POTI

Poti es mi nombre de guerra, con él nací y con él moriré. Soy historiador del arte, ex galerista y director comercial en los últimos años. Durante la cuarta edición del FIT (Festival Iberoamericano de Teatro) de Cádiz, en 1989, tuve la suerte de conocer a quién terminaría siendo mi mentor Francisco Garzón Céspedes, periodista, escritor, actor y director de teatro. Allí por caprichos del destino y motivado por indicaciones erróneas de la que era mi profesora de literatura (quién quiera más detalles puede conocer algo más de la historia en uno de mis post en esta web) di a caer en el taller de Narración oral Escénica que el impartía. Esto ocurrió a mis 18 años en plena efervescencia hormonal. Por cierto, que bien me vinieron los cuentos para ligar en aquellos años.
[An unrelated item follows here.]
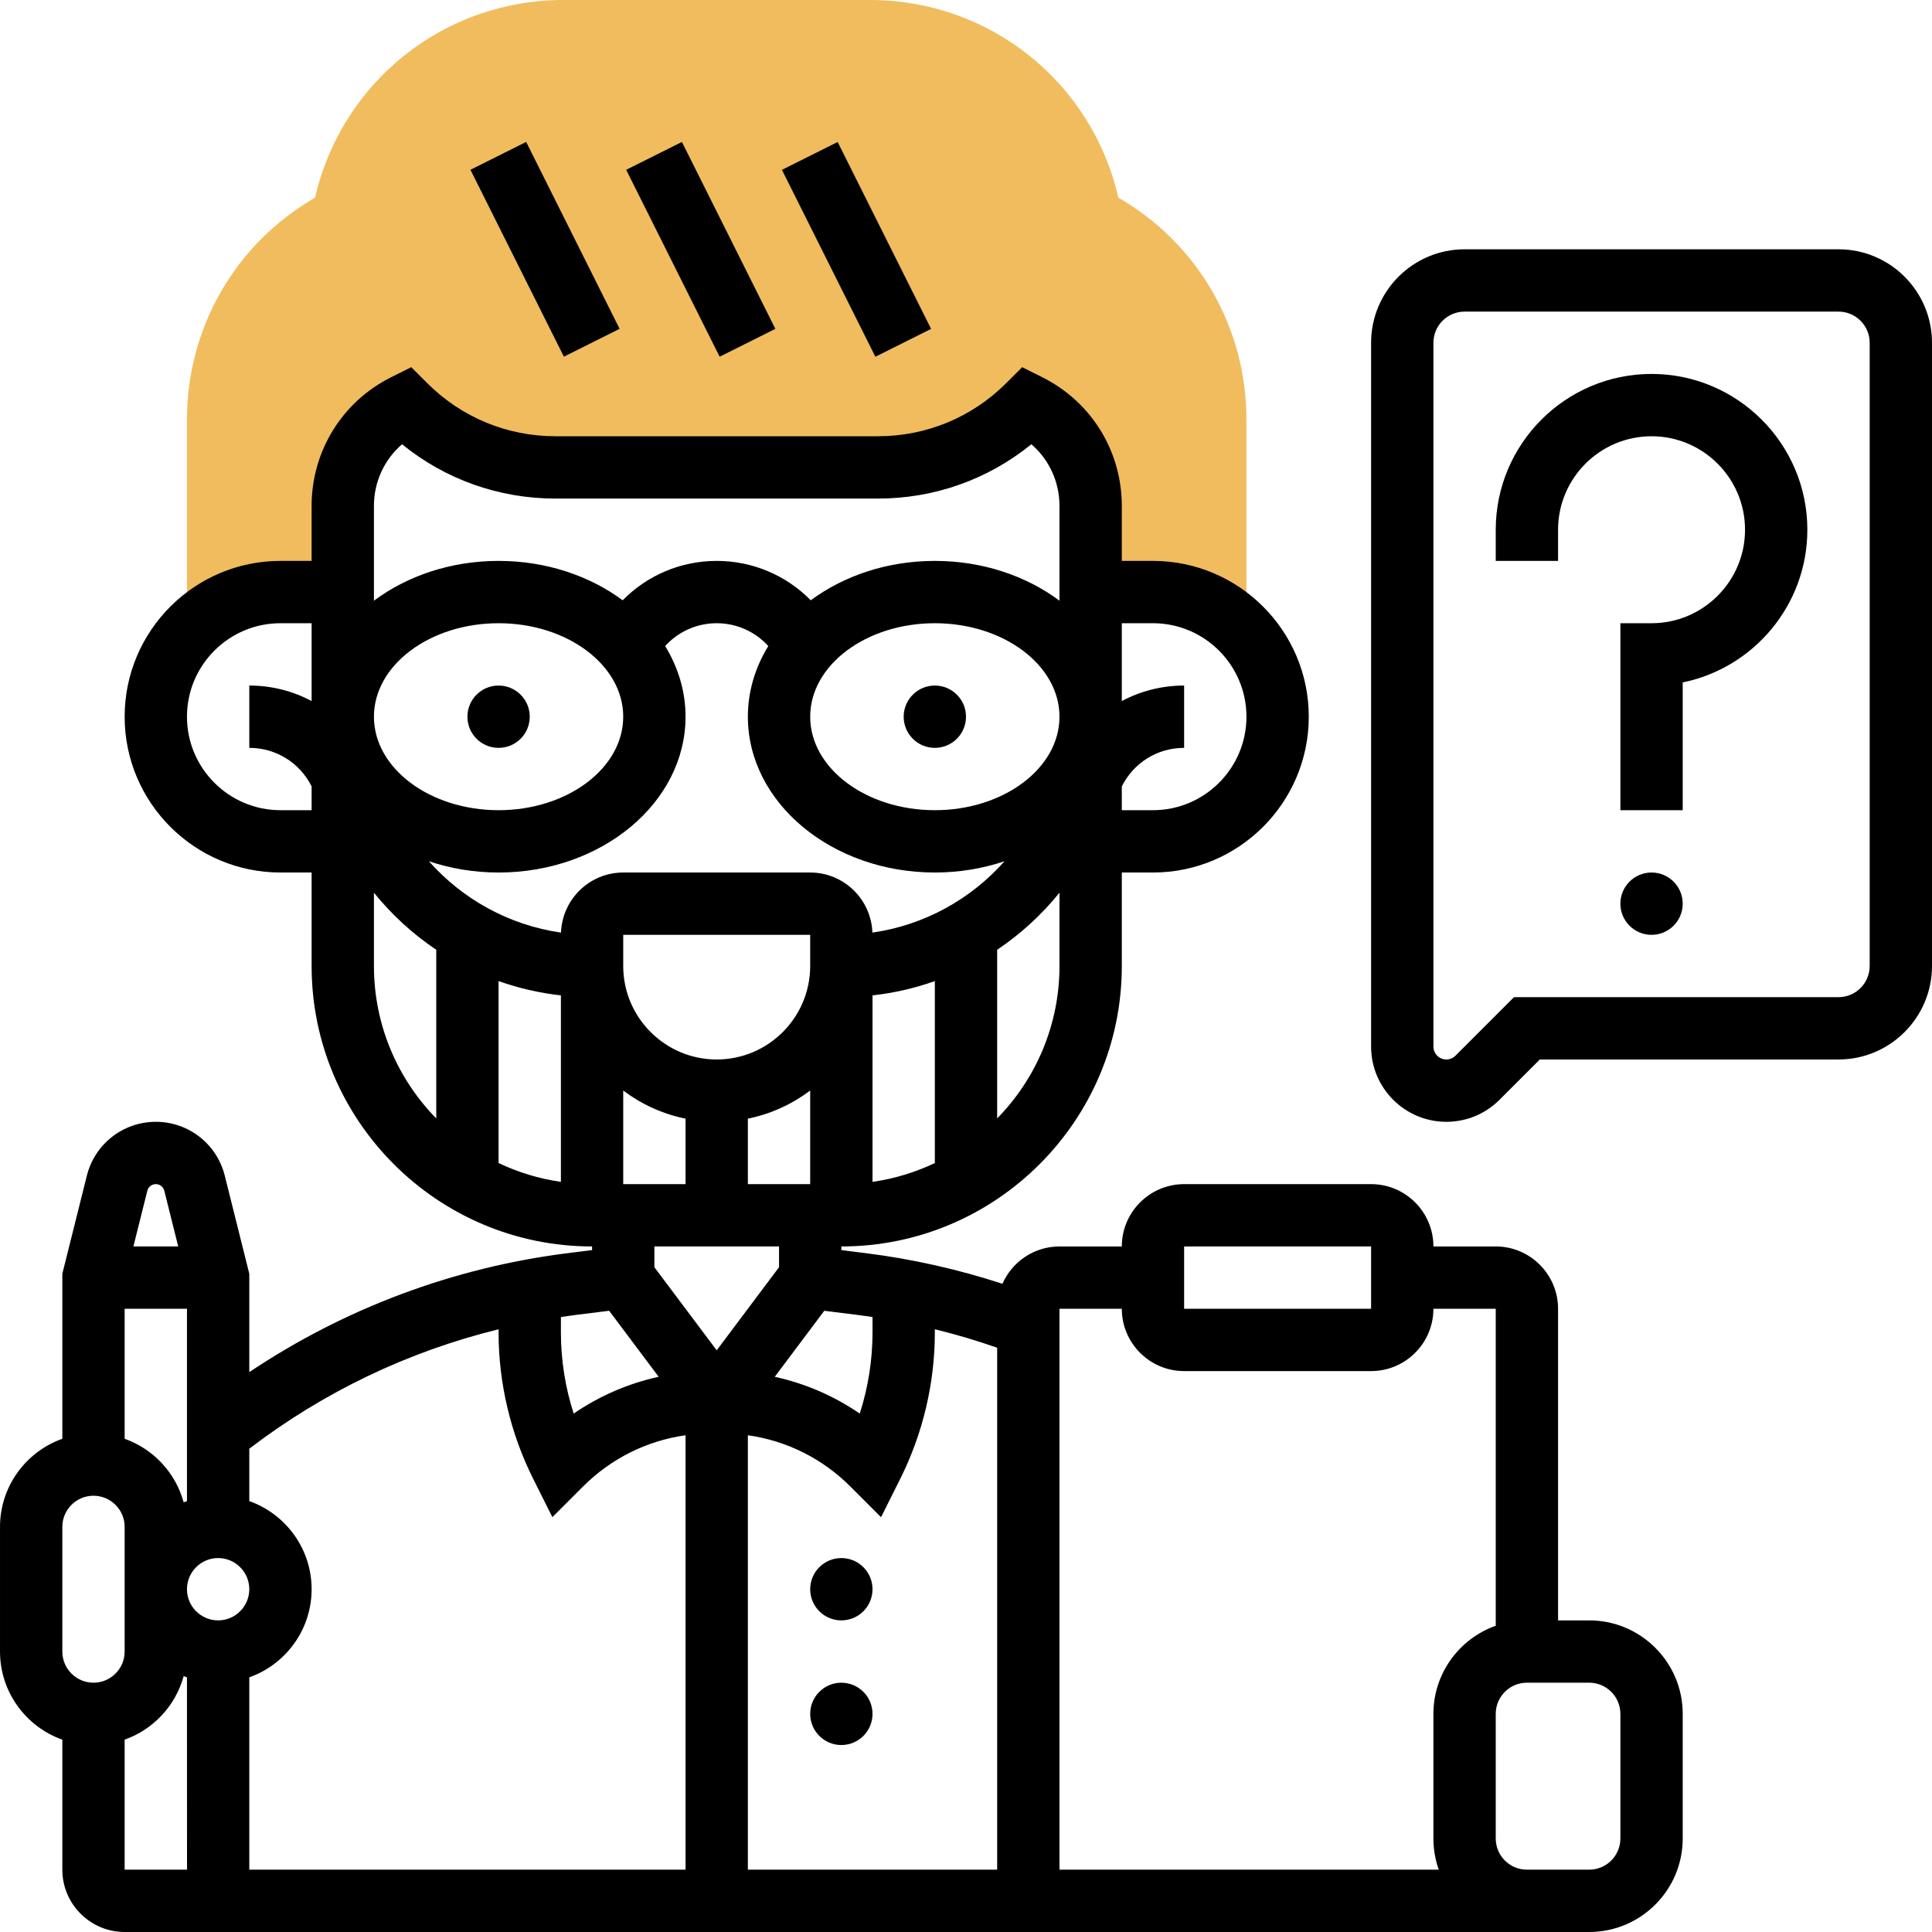 <svg id="Line" enable-background="new 0 0 496 496" height="512" viewBox="0 0 496 496" width="512" xmlns="http://www.w3.org/2000/svg"><g><g><path d="m72 152h16v-22.111c0-10.963 6.194-20.986 16-25.889 10.245 10.245 24.139 16 38.627 16h82.745c14.488 0 28.383-5.755 38.627-16 9.806 4.903 16 14.925 16 25.889v22.111h16c9.561 0 18.136 4.198 24 10.845v-55.068c0-23.773-12.501-45.274-32.887-57.032-6.787-29.636-32.997-50.745-63.774-50.745h-78.676c-30.777 0-56.987 21.109-63.775 50.745-20.386 11.758-32.887 33.258-32.887 57.032v55.068c5.864-6.647 14.439-10.845 24-10.845z" fill="#f0bc5e"/></g><g><path d="m132 37.167h16v53.666h-16z" transform="matrix(.894 -.447 .447 .894 -13.842 69.367)"/><path d="m172 37.167h16v53.666h-16z" transform="matrix(.894 -.447 .447 .894 -9.619 87.255)"/><path d="m212 37.167h16v53.666h-16z" transform="matrix(.894 -.447 .447 .894 -5.396 105.144)"/><circle cx="128" cy="184" r="8"/><circle cx="240" cy="184" r="8"/><circle cx="216" cy="408" r="8"/><circle cx="216" cy="440" r="8"/><path d="m408 416h-8v-80c0-8.822-7.178-16-16-16h-16c0-8.822-7.178-16-16-16h-48c-8.822 0-16 7.178-16 16h-16c-6.54 0-12.168 3.949-14.647 9.583-11.447-3.729-23.24-6.381-35.191-7.875l-6.163-.77v-.938c39.701 0 72-32.299 72-72v-24h8c22.056 0 40-17.944 40-40s-17.944-40-40-40h-8v-14.111c0-14.084-7.825-26.746-20.422-33.044l-5.157-2.579-4.077 4.077c-8.806 8.807-20.516 13.657-32.97 13.657h-82.745c-12.455 0-24.164-4.85-32.971-13.657l-4.077-4.077-5.157 2.579c-12.598 6.298-20.423 18.96-20.423 33.044v14.111h-8c-22.056 0-40 17.944-40 40s17.944 40 40 40h8v24c0 39.701 32.299 72 72 72v.938l-6.163.77c-29.378 3.672-57.364 14.176-81.837 30.557v-25.25l-6.298-25.194c-2.035-8.138-9.314-13.821-17.702-13.821s-15.667 5.683-17.702 13.821l-6.298 25.194v42.361c-9.311 3.303-16 12.195-16 22.624v32c0 10.429 6.689 19.321 16 22.624v33.376c0 8.822 7.178 16 16 16h376c13.234 0 24-10.766 24-24v-32c0-13.234-10.766-24-24-24zm-104-96 48-.01v.01 16h-48zm-112 48.471c9.94 1.406 19.119 5.962 26.343 13.186l7.848 7.849 4.964-9.928c5.786-11.572 8.845-24.527 8.845-37.466v-.855c5.404 1.326 10.747 2.903 16 4.742v134.001h-64zm32-30.349v3.99c0 7.042-1.12 14.089-3.277 20.798-6.614-4.541-14.003-7.731-21.821-9.444l12.713-16.951 8.564 1.071c1.276.158 2.548.348 3.821.536zm-64-154.122c0 13.234-14.355 24-32 24s-32-10.766-32-24 14.355-24 32-24 32 10.766 32 24zm-32 40c26.467 0 48-17.944 48-40 0-6.528-1.898-12.689-5.24-18.138 3.34-3.688 8.105-5.862 13.24-5.862s9.9 2.174 13.24 5.862c-3.342 5.449-5.24 11.61-5.24 18.138 0 22.056 21.533 40 48 40 6.323 0 12.358-1.034 17.891-2.893-8.598 9.696-20.496 16.394-33.921 18.317-.306-8.555-7.342-15.424-15.97-15.424h-48c-8.628 0-15.664 6.869-15.971 15.423-13.425-1.922-25.323-8.621-33.921-18.317 5.534 1.86 11.569 2.894 17.892 2.894zm112-16c-17.645 0-32-10.766-32-24s14.355-24 32-24 32 10.766 32 24-14.355 24-32 24zm0 90.586c-4.975 2.37-10.353 4.022-16 4.834v-47.875c5.547-.616 10.903-1.866 16-3.673zm-56-26.586c-13.233 0-24-10.767-24-24v-8h48v8c0 13.233-10.767 24-24 24zm-56-20.128c5.097 1.808 10.453 3.057 16 3.673v47.875c-5.647-.812-11.025-2.464-16-4.834zm32 52.128v-24.022c4.654 3.501 10.091 6.013 16 7.217v16.805zm32-16.805c5.909-1.204 11.346-3.716 16-7.217v24.022h-16zm64-.057v-43.305c6.044-4.054 11.436-9.002 16-14.648v18.815c0 15.22-6.112 29.034-16 39.138zm40-127.138c13.233 0 24 10.767 24 24s-10.767 24-24 24h-8v-6.111c3.05-6.1 9.181-9.889 16-9.889v-16c-5.721 0-11.184 1.413-16 3.986v-19.986zm-192.782-45.945c11.118 9.035 24.886 13.945 39.409 13.945h82.745c14.523 0 28.292-4.91 39.409-13.945 4.542 3.917 7.218 9.632 7.218 15.833v24.329c-8.498-6.347-19.715-10.217-31.999-10.217-12.216 0-23.375 3.829-31.857 10.114-6.266-6.381-14.887-10.114-24.143-10.114s-17.877 3.733-24.143 10.114c-8.482-6.285-19.641-10.114-31.857-10.114-12.284 0-23.501 3.87-32 10.218v-24.329c0-6.202 2.676-11.917 7.218-15.834zm-31.218 93.945c-13.233 0-24-10.767-24-24s10.767-24 24-24h8v19.986c-4.816-2.573-10.279-3.986-16-3.986v16c6.819 0 12.95 3.789 16 9.889v6.111zm24 40v-18.815c4.564 5.646 9.956 10.594 16 14.648v43.305c-9.888-10.104-16-23.918-16-39.138zm104 72v5.333l-16 21.333-16-21.333v-5.333zm-52.178 17.584 8.564-1.071 12.713 16.951c-7.819 1.713-15.207 4.903-21.821 9.444-2.158-6.708-3.278-13.755-3.278-20.797v-3.982c1.273-.188 2.543-.385 3.822-.545zm-115.822 31.792v-33.376h16v49.376c-.285.101-.566.209-.846.32-2.071-7.6-7.79-13.708-15.154-16.32zm24 46.624c-4.411 0-8-3.589-8-8s3.589-8 8-8 8 3.589 8 8-3.589 8-8 8zm-16-112c1.033 0 1.929.7 2.179 1.702l3.575 14.298h-11.508l3.575-14.298c.25-1.002 1.146-1.702 2.179-1.702zm-24 88c0-4.411 3.589-8 8-8s8 3.589 8 8v32c0 4.411-3.589 8-8 8s-8-3.589-8-8zm16 88v-33.376c7.364-2.612 13.083-8.72 15.154-16.32.28.112.562.22.847.321l.009 49.375s-.003 0-.01 0zm32-49.376c9.311-3.302 16-12.194 16-22.624s-6.689-19.322-16-22.624v-13.447c19.048-14.568 40.833-24.979 64-30.663v.846c0 12.939 3.059 25.895 8.845 37.466l4.964 9.928 7.848-7.849c7.224-7.224 16.403-11.78 26.343-13.186v111.529h-112zm305.371 49.376h-97.371v-144h16c0 8.822 7.178 16 16 16h48c8.822 0 16-7.178 16-16h16v81.376c-9.311 3.302-16 12.194-16 22.624v32c0 2.804.483 5.497 1.371 8zm46.629-8c0 4.411-3.589 8-8 8h-16c-4.411 0-8-3.589-8-8v-32c0-4.411 3.589-8 8-8h16c4.411 0 8 3.589 8 8z"/><circle cx="424" cy="232" r="8"/><path d="m424 96c-22.056 0-40 17.944-40 40v8h16v-8c0-13.233 10.767-24 24-24s24 10.767 24 24-10.767 24-24 24h-8v48h16v-32.804c18.235-3.717 32-19.88 32-39.196 0-22.056-17.944-40-40-40z"/><path d="m472 64h-96c-13.233 0-24 10.767-24 24v180.687c0 10.649 8.664 19.313 19.313 19.313 5.159 0 10.009-2.009 13.657-5.657l10.343-10.343h76.687c13.233 0 24-10.767 24-24v-160c0-13.233-10.767-24-24-24zm8 184c0 4.411-3.589 8-8 8h-83.314l-15.029 15.03c-.626.625-1.458.97-2.343.97-1.827 0-3.313-1.486-3.313-3.313v-180.687c0-4.411 3.589-8 8-8h96c4.411 0 8 3.589 8 8v160z"/></g></g></svg>

De aquellas fiebres, no las hormonales sino las que despertaron los cuentos en los que asistimos, surgió un grupo que vino a llamarse Shaman y que se convertiría en el primer grupo de narración oral escénica (cuentacuentos) en la península.

A partir de 1992, con el traslado a la Universidad de Salamanca para completar mis estudios junto a Pedro Quiros Bayo (compañero de Shaman, amigo y compañero de tablas durante años), y como delegados especiales de CIINOE para Salamanca, comenzamos a investigar acerca de las posibilidades escénicas y de integración de las artes dentro de la narración oral. En esa línea de trabajo y buscando nuevas formulas generan todo un movimiento de narración en la ciudad. Creamos “Las mil y una noches de Tertulia” encuentro semanal que tras un par de años y por motivos de aforo tuvo que trasladarse y transformarse en el café teatro “El Café del Cuento” con tremendo éxito durante sus dos años de existencia.

Desde entonces la carretera me ha llevado a narrar a colegios, escenarios, cafés y teatros de ciudades como Cádiz, Salamanca, Córdoba, Madrid, Valladolid, Orense, León, Jerez, Elche, Oviedo, Sevilla… y a ser invitado a participar en festivales de narración como los de Elche, Agüimes, la Habana (¡bueno! A este me invitaron, pero me cogía una mijita lejos) u otros como el Festival Iberoamericano de Teatro de Cádiz. Todo esto trufado con diferentes talleres formativos de los cuales tengo el orgullo de haber visto salir contando decenas de narradores y gracias a los cuales consigo el titulo de maestro de narración oral escénica de la CIINOE.

Y aquí estamos para seguir contagiando la magia.